> _TASK OBJECTIVE_: The data below should be transcribed in full, with no picture included.

◇ ◇ ◇ ◇ ◇ ◇ ◇

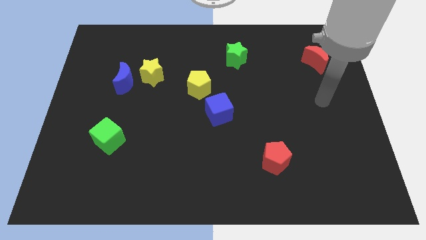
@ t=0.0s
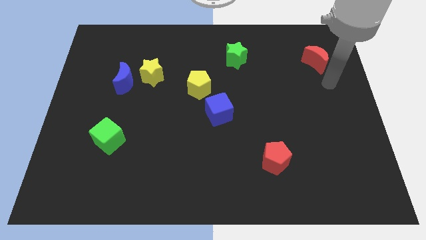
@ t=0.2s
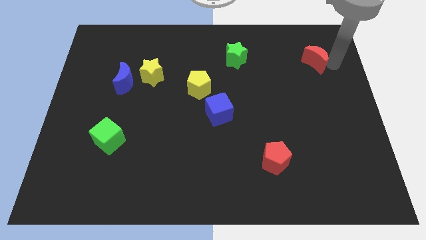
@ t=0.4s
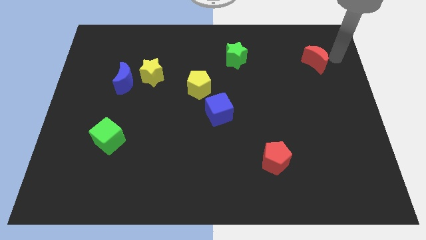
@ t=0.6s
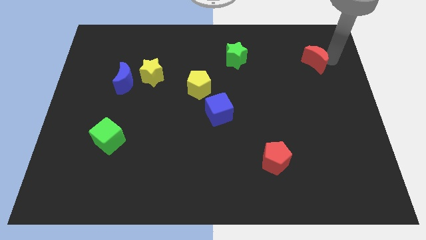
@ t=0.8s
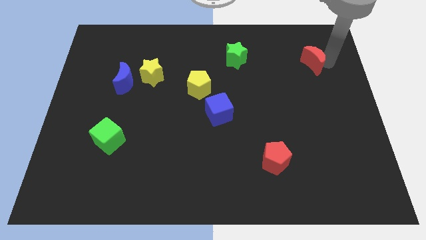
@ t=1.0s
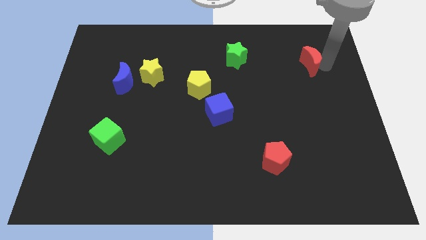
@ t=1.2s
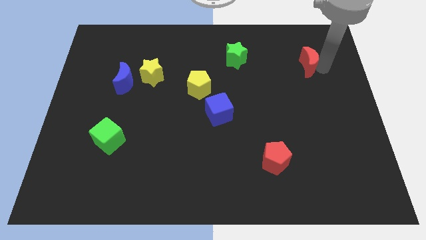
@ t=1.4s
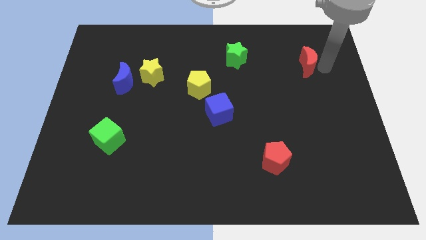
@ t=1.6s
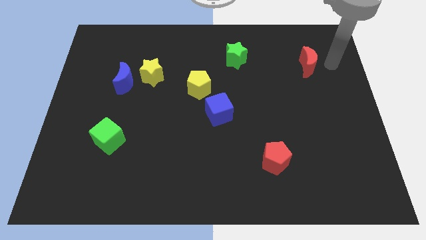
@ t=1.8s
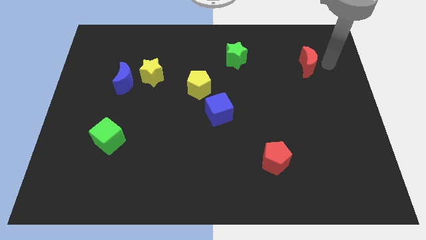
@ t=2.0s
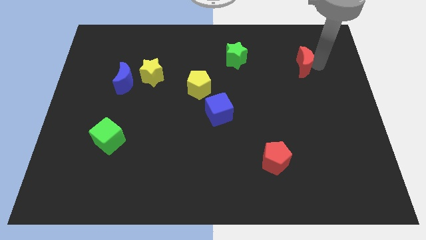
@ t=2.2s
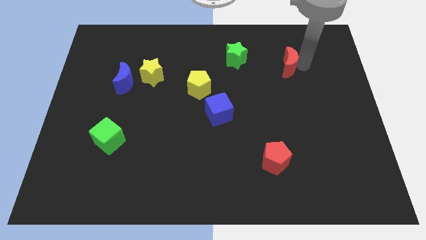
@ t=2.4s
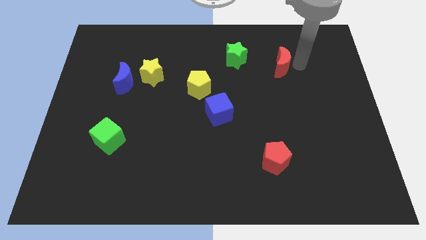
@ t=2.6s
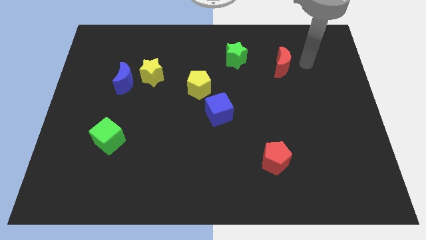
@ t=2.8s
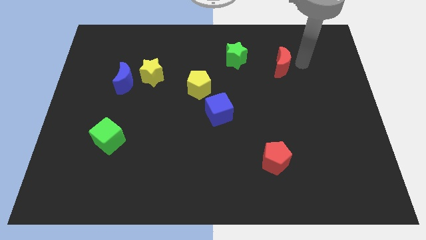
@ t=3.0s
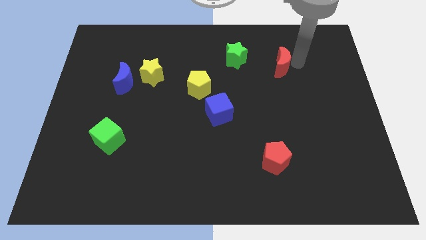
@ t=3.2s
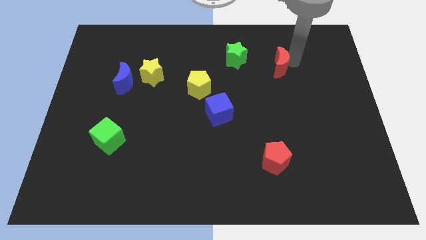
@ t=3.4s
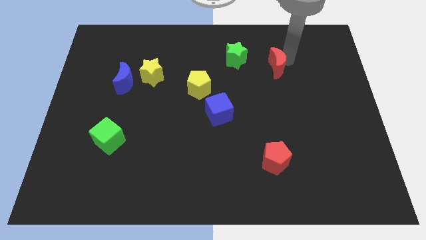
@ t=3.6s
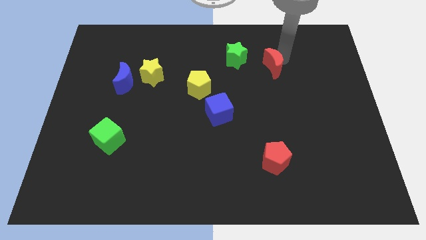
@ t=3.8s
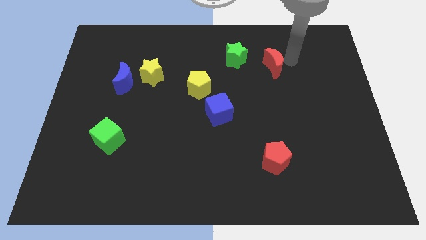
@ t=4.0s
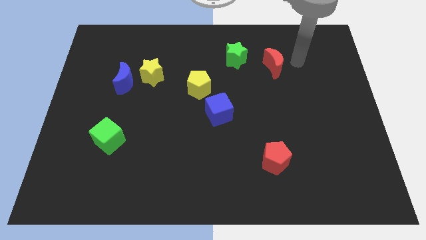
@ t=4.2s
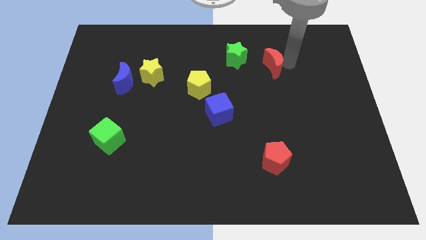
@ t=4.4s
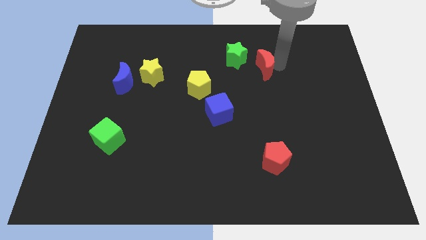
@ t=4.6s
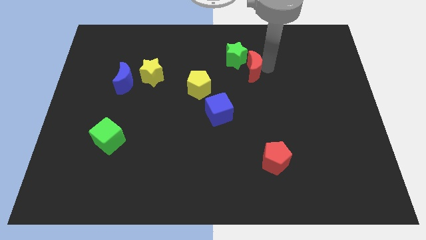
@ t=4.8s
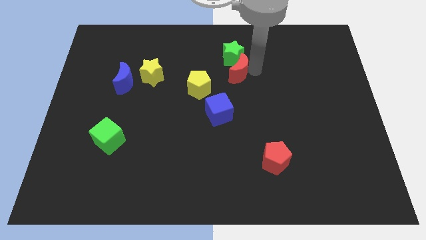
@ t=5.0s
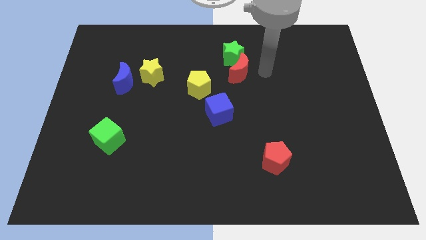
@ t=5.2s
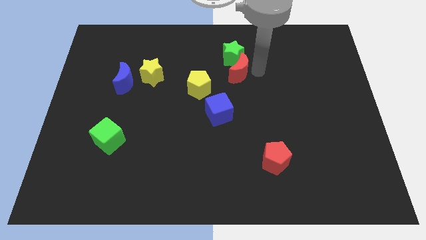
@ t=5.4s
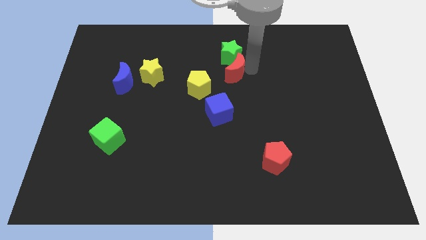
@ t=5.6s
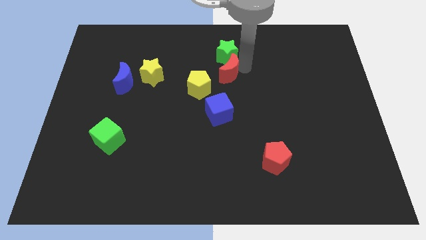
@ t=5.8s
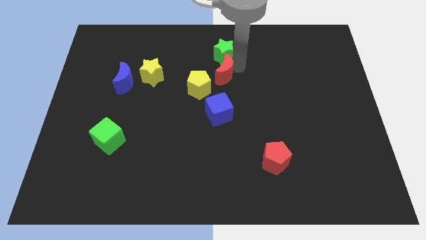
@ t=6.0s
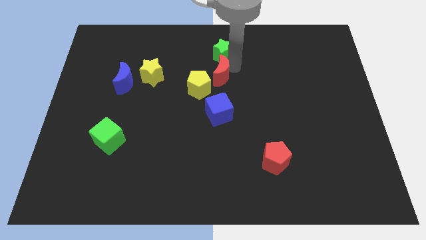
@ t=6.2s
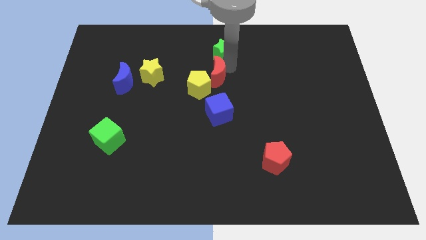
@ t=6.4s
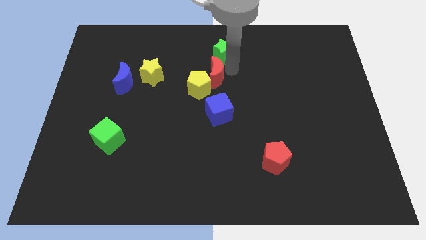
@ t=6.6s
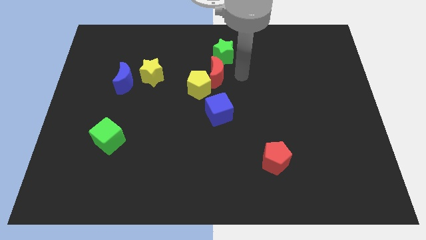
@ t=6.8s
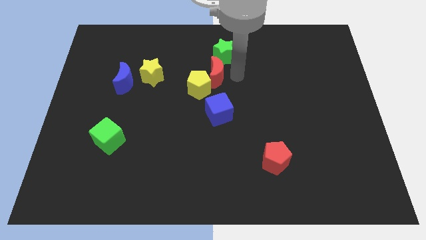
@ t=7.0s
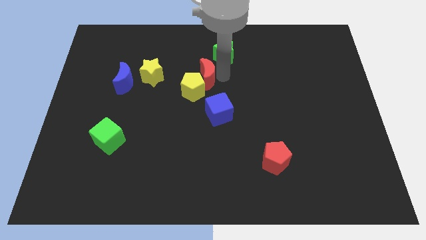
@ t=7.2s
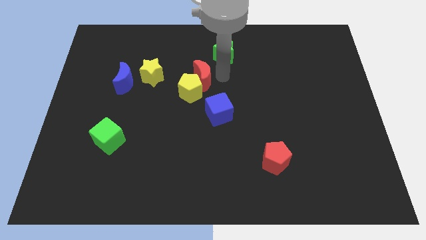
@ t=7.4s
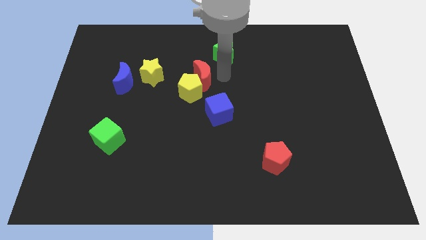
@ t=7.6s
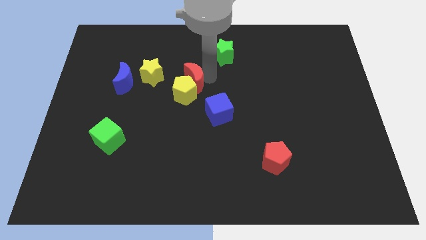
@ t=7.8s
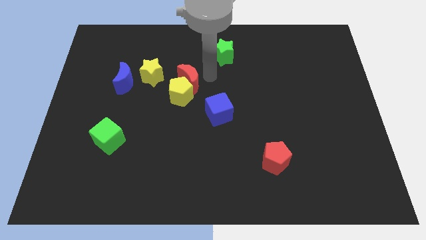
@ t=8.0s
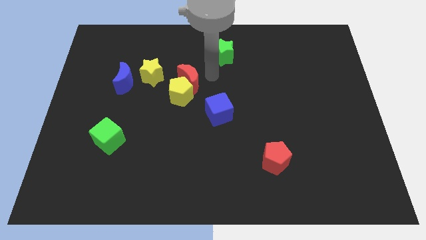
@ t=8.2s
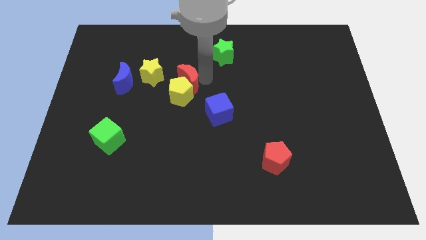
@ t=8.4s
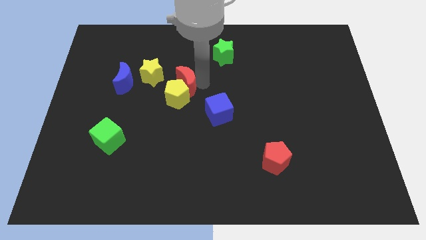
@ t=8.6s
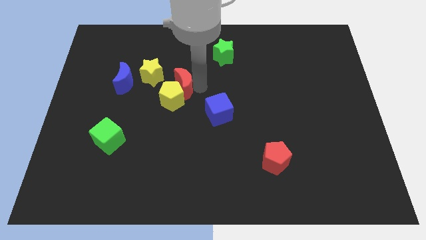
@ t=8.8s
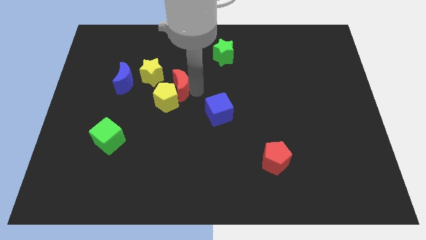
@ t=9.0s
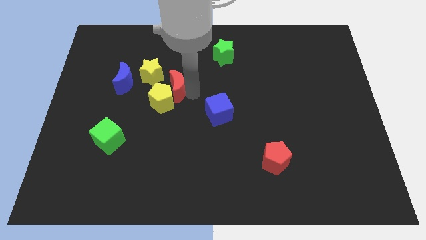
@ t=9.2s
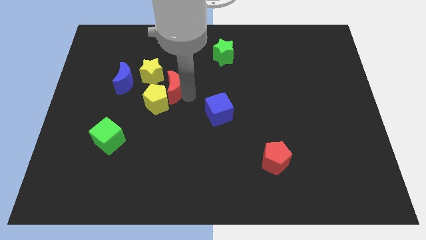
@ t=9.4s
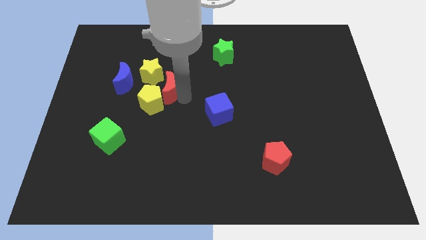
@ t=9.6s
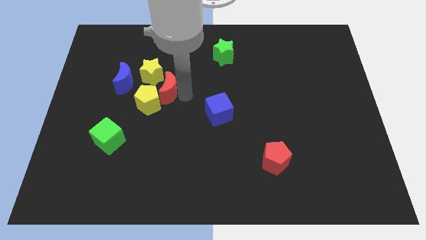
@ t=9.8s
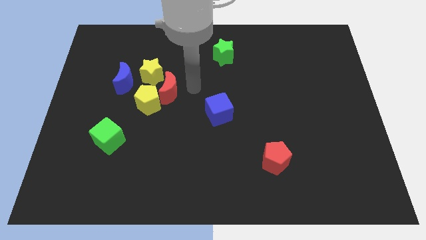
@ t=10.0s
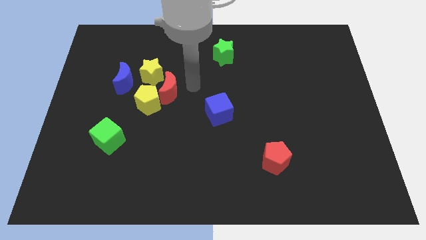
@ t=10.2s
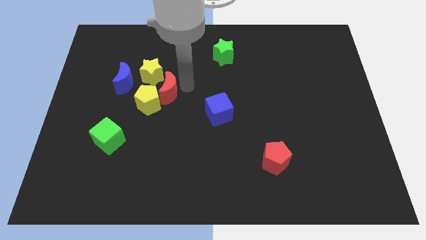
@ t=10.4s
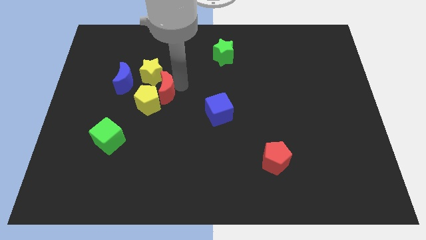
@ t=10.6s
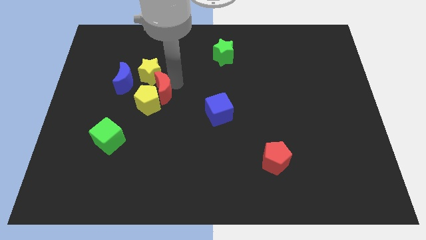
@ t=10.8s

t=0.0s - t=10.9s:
push the red moon diagonally down and to the right of the blue moon

◇ ◇ ◇ ◇ ◇ ◇ ◇

> _ANSWER SPACE_:
@ t=0.0s
@ t=0.2s
@ t=0.4s
@ t=0.6s
@ t=0.8s
@ t=1.0s
@ t=1.2s
@ t=1.4s
@ t=1.6s
@ t=1.8s
@ t=2.0s
@ t=2.2s
@ t=2.4s
@ t=2.6s
@ t=2.8s
@ t=3.0s
@ t=3.2s
@ t=3.4s
@ t=3.6s
@ t=3.8s
@ t=4.0s
@ t=4.2s
@ t=4.4s
@ t=4.6s
@ t=4.8s
@ t=5.0s
@ t=5.2s
@ t=5.4s
@ t=5.6s
@ t=5.8s
@ t=6.0s
@ t=6.2s
@ t=6.4s
@ t=6.6s
@ t=6.8s
@ t=7.0s
@ t=7.2s
@ t=7.4s
@ t=7.6s
@ t=7.8s
@ t=8.0s
@ t=8.2s
@ t=8.4s
@ t=8.6s
@ t=8.8s
@ t=9.0s
@ t=9.2s
@ t=9.4s
@ t=9.6s
@ t=9.8s
@ t=10.0s
@ t=10.2s
@ t=10.4s
@ t=10.6s
@ t=10.8s

t=0.0s - t=10.9s:
push the red moon diagonally down and to the right of the blue moon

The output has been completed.